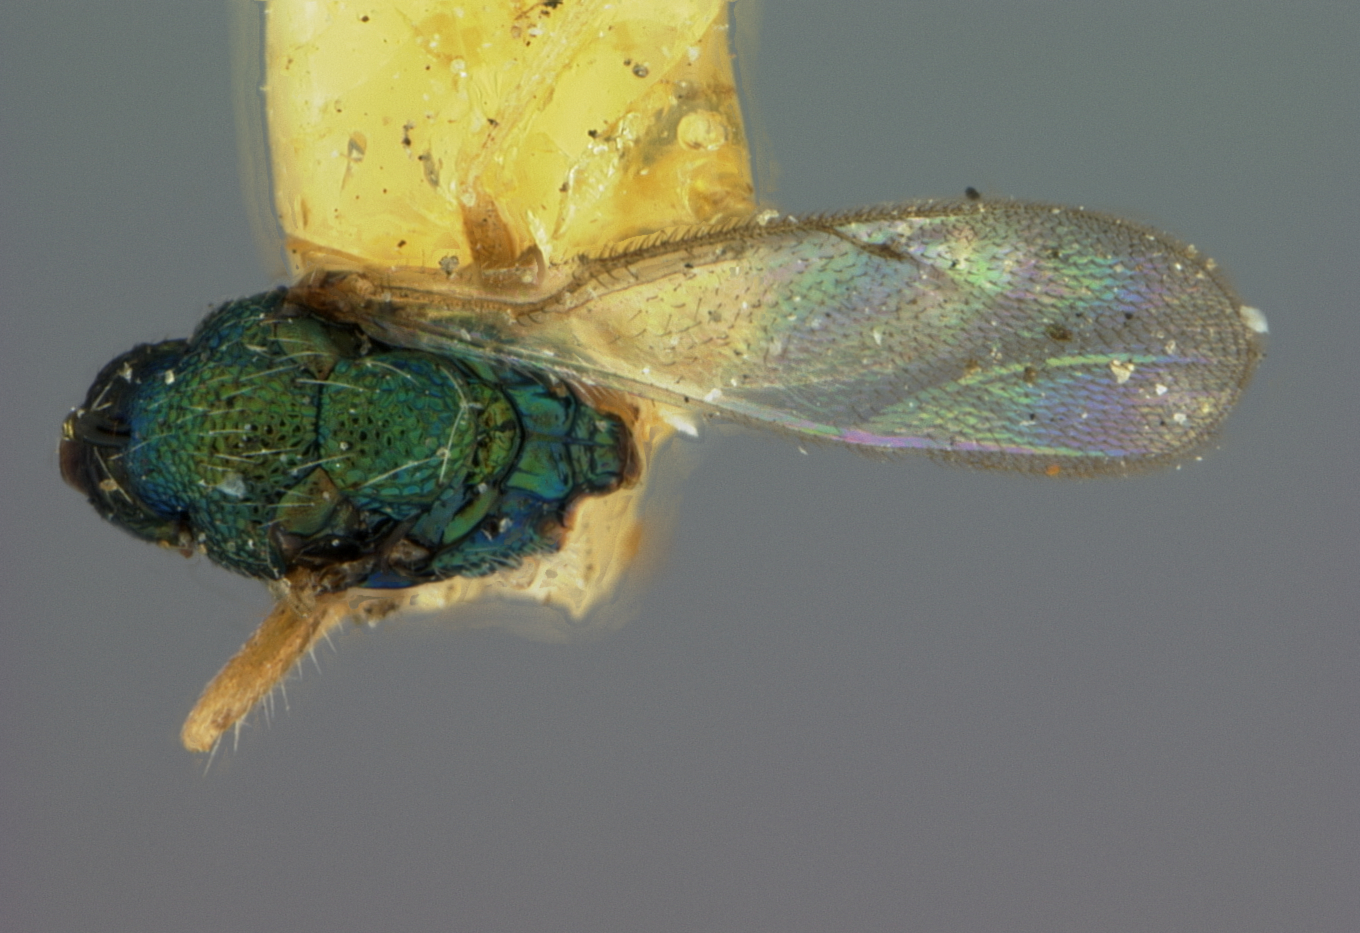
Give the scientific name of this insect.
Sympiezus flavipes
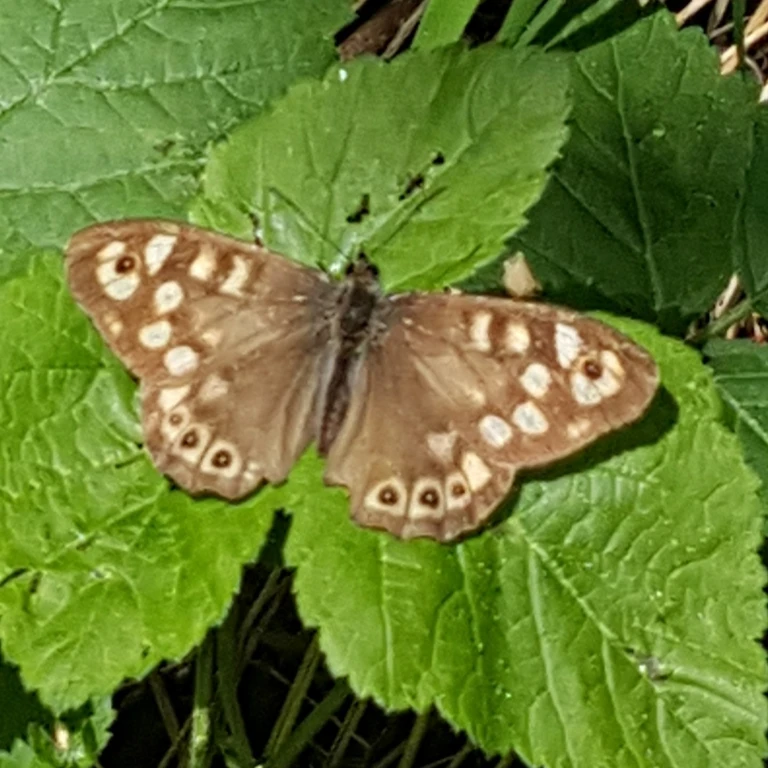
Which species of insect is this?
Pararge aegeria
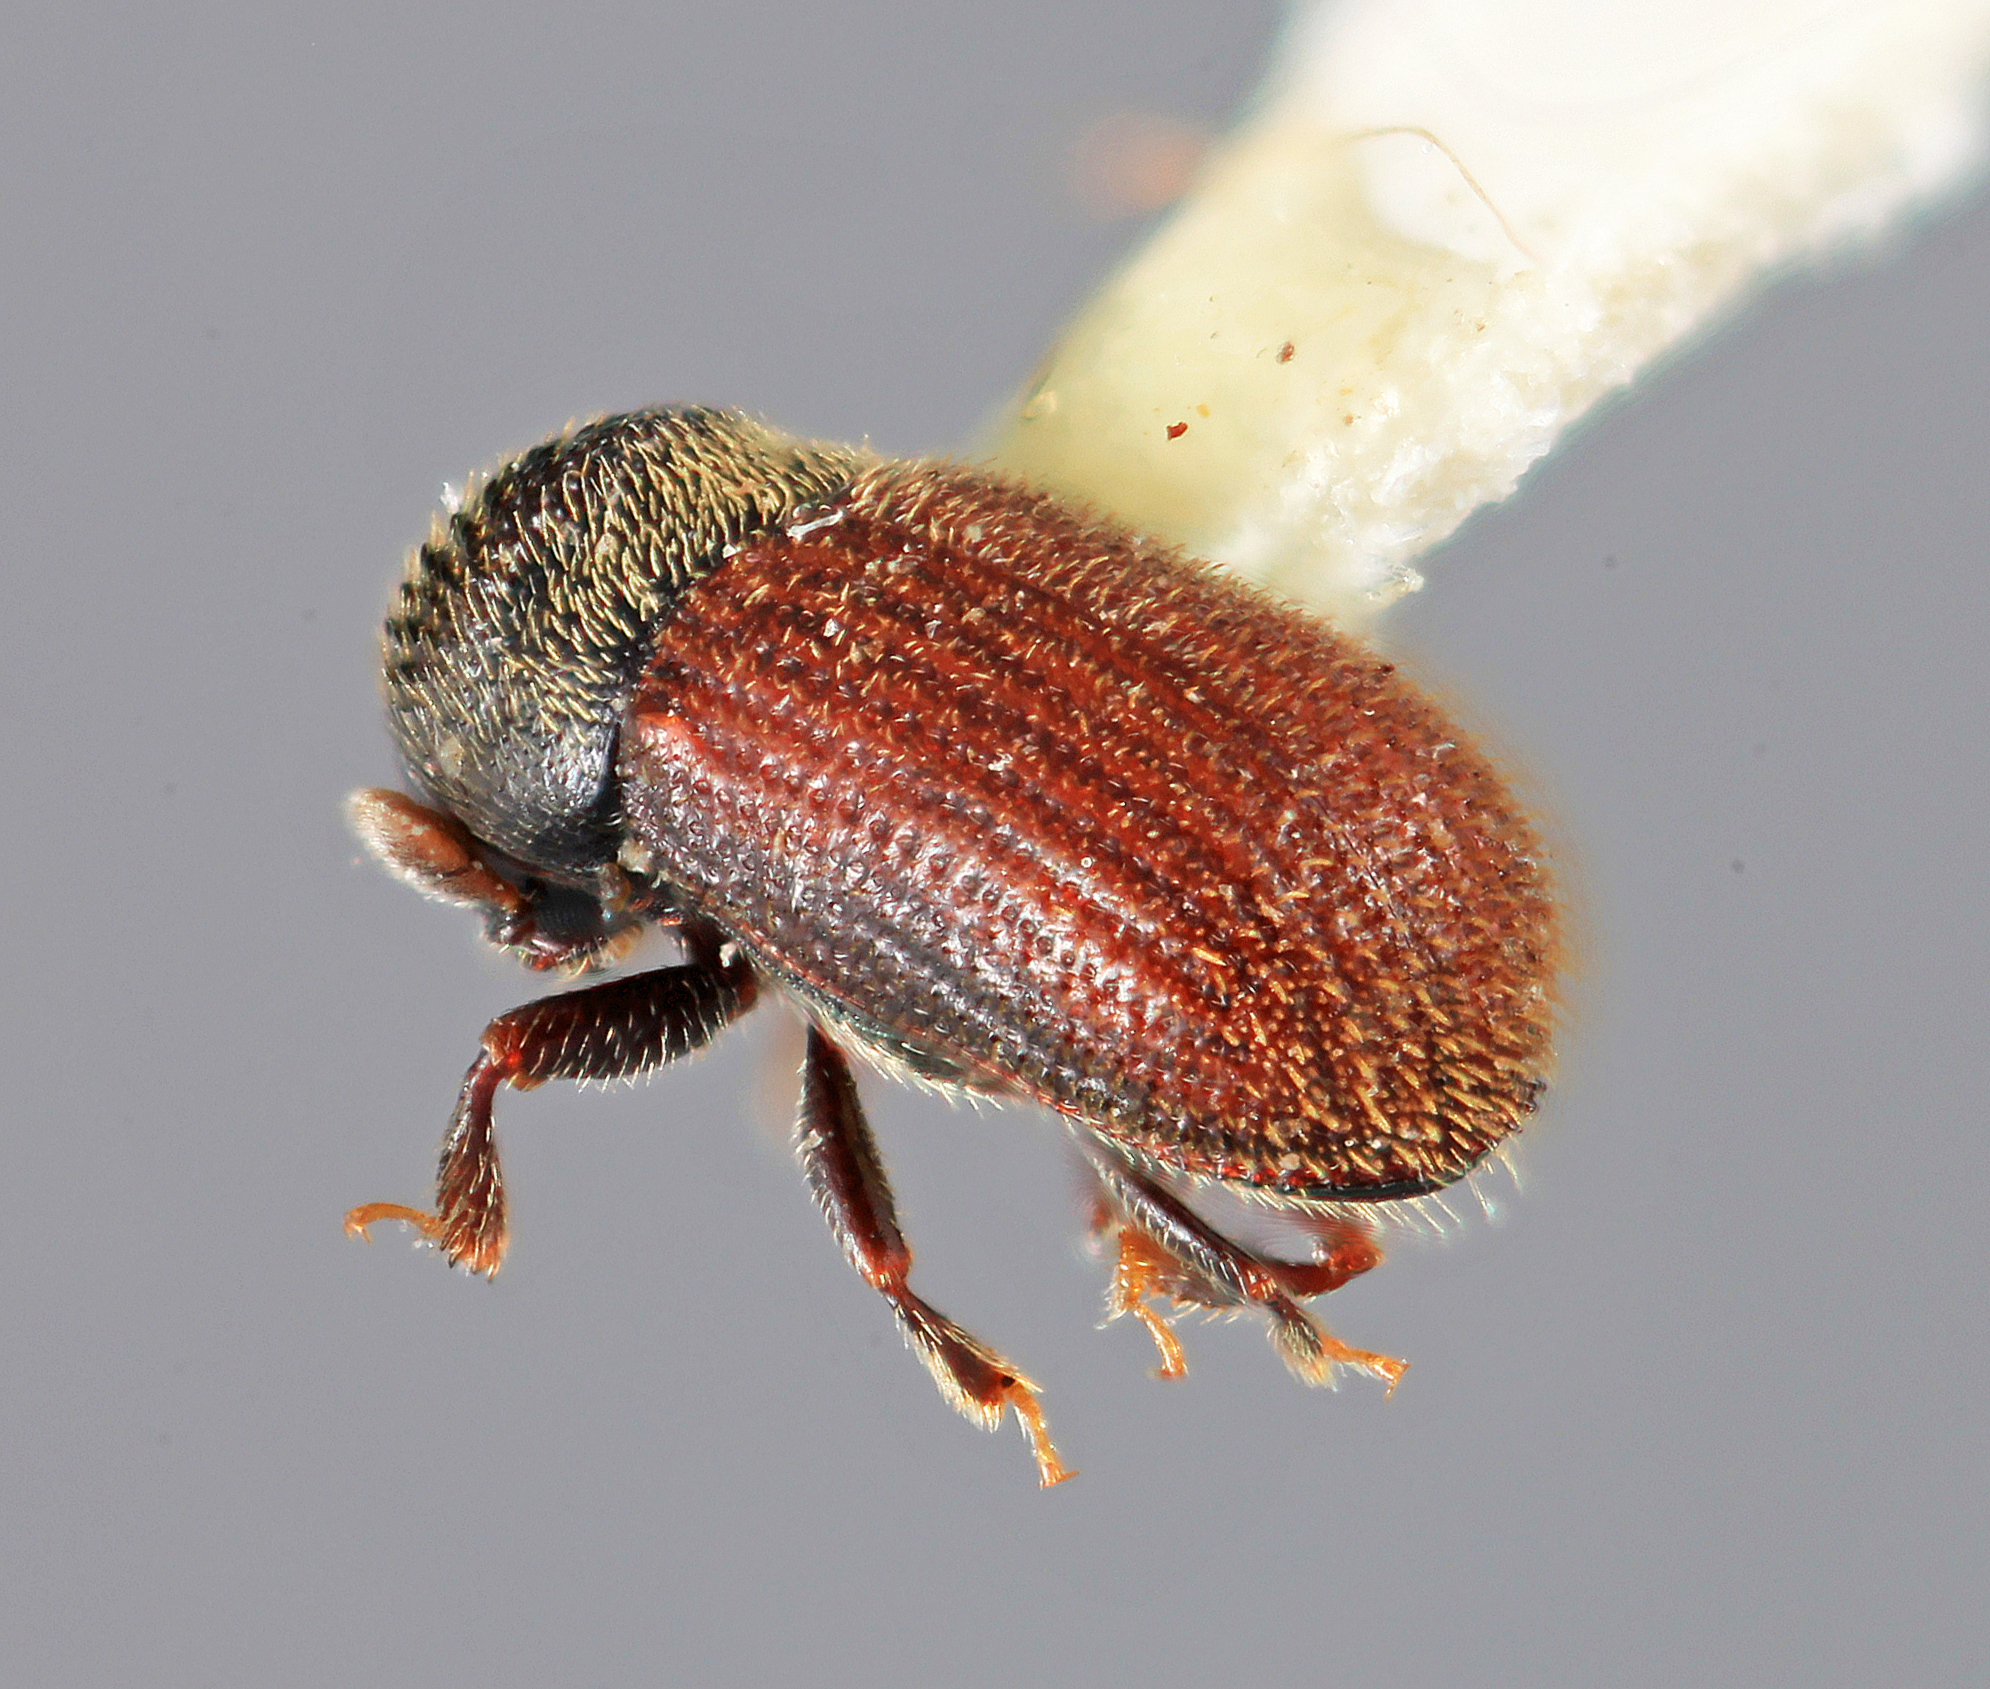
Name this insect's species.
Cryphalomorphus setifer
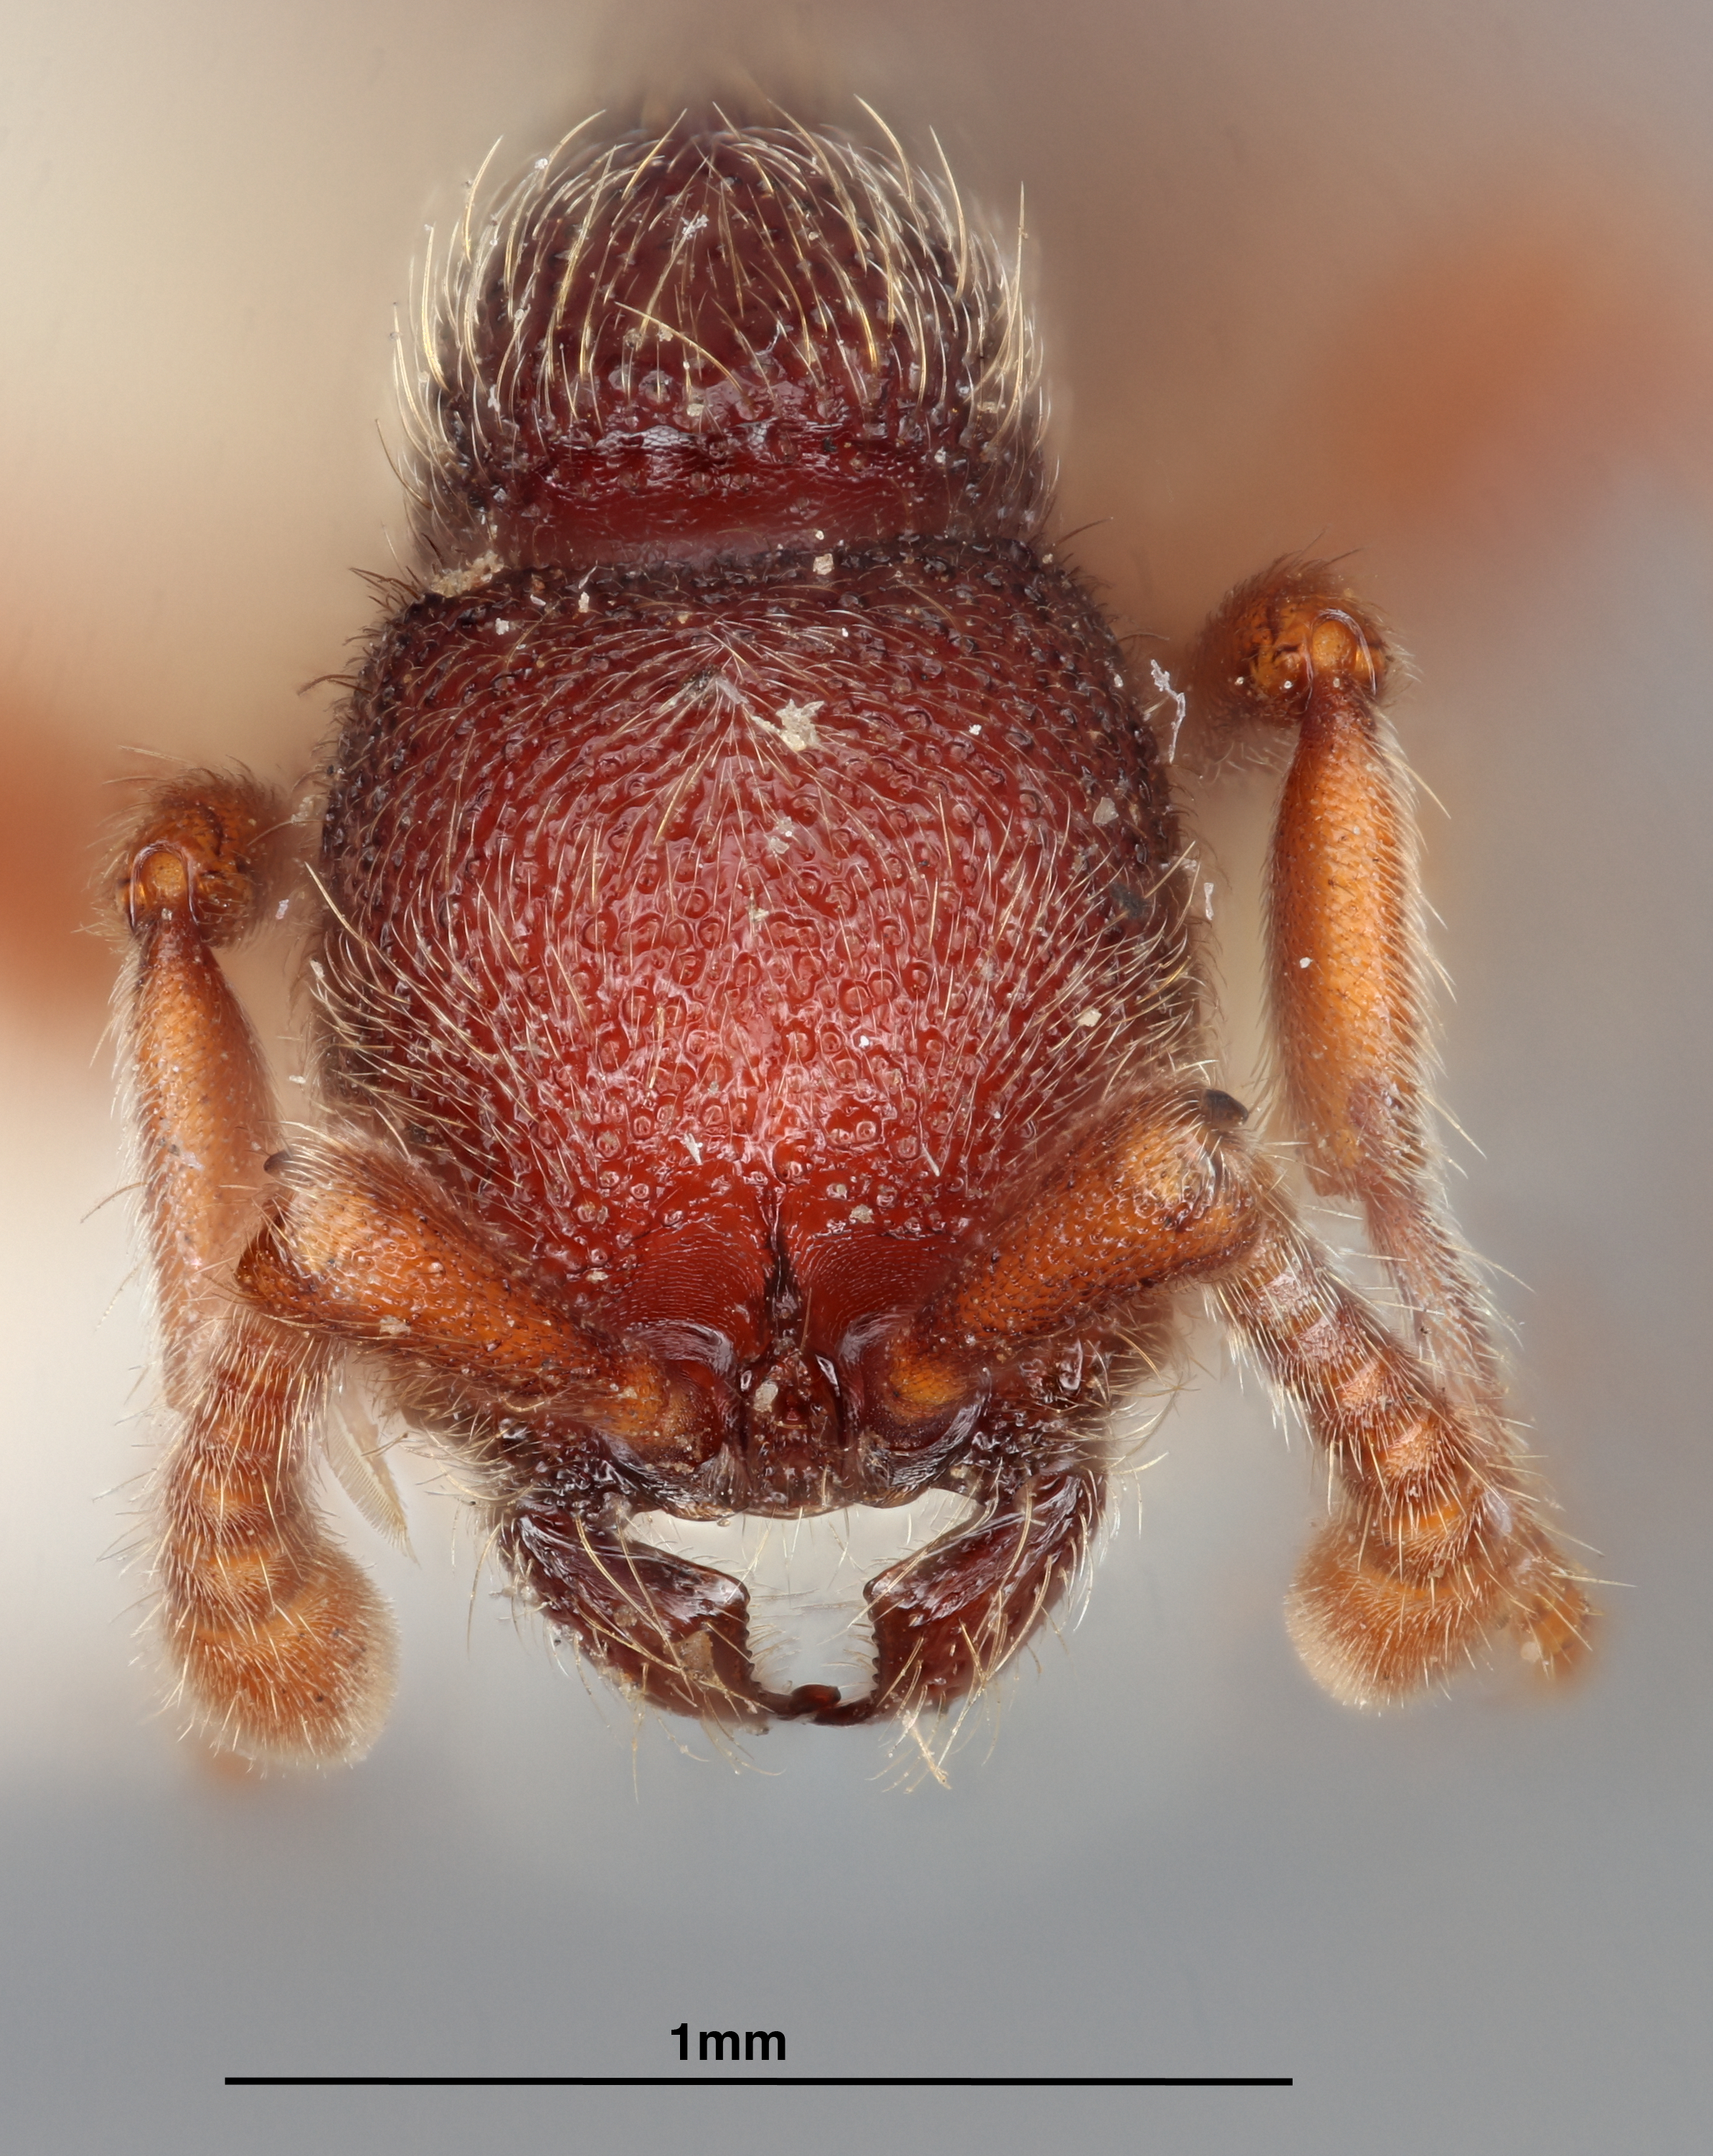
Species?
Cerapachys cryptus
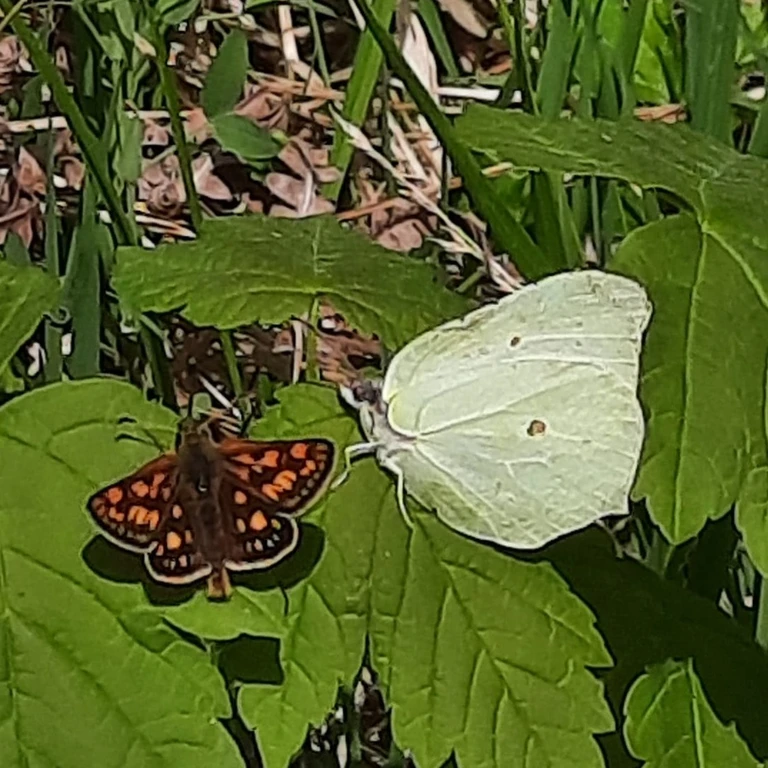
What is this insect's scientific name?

---------------

WHAT THE EXERCISE ASKS ▸ Apart from the images, retype the full material exactly as written.

OUTPUT FOR THIS EXERCISE ▸
Give the scientific name of this insect.
Sympiezus flavipes
Which species of insect is this?
Pararge aegeria
Name this insect's species.
Cryphalomorphus setifer
Species?
Cerapachys cryptus
What is this insect's scientific name?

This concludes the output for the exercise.